*** Exercise materials ***
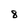
Character: 8
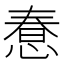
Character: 惷
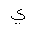
Letter: _ya
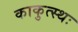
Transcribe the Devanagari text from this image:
काकुत्स्थः
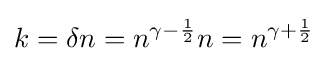
k=\delta n=n^{\gamma -{\frac {1}{2}}}n=n^{\gamma +{\frac {1}{2}}}
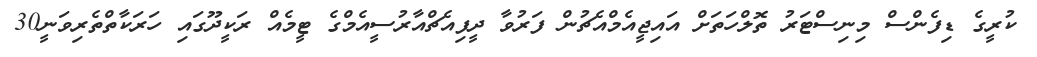
ކުރީގެ ޑިފެންސް މިނިސްޓަރު ތޮލްހަތަށް އައިޖީއެމްއެޗުން ފަރުވާ ދީފިއެޗްއާރުސީއެމްގެ ޓީމެއް ރަކީދޫގައި ހަރަކާތްތެރިވަނީ30
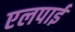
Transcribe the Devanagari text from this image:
एलपाईं
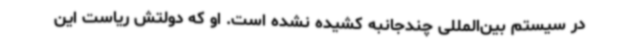
در سیستم بین‌المللی چندجانبه کشیده نشده است. او که دولتش ریاست این
***
- **Your assignment**: Leave every picture out, and repeat exactly the lines from the one containing "Character: 惷" through the last line of the entries, both ends included.

- **Result of the exercise**:
Character: 惷
Letter: _ya
Transcribe the Devanagari text from this image:
काकुत्स्थः
k=\delta n=n^{\gamma -{\frac {1}{2}}}n=n^{\gamma +{\frac {1}{2}}}
ކުރީގެ ޑިފެންސް މިނިސްޓަރު ތޮލްހަތަށް އައިޖީއެމްއެޗުން ފަރުވާ ދީފިއެޗްއާރުސީއެމްގެ ޓީމެއް ރަކީދޫގައި ހަރަކާތްތެރިވަނީ30
Transcribe the Devanagari text from this image:
एलपाईं
در سیستم بین‌المللی چندجانبه کشیده نشده است. او که دولتش ریاست این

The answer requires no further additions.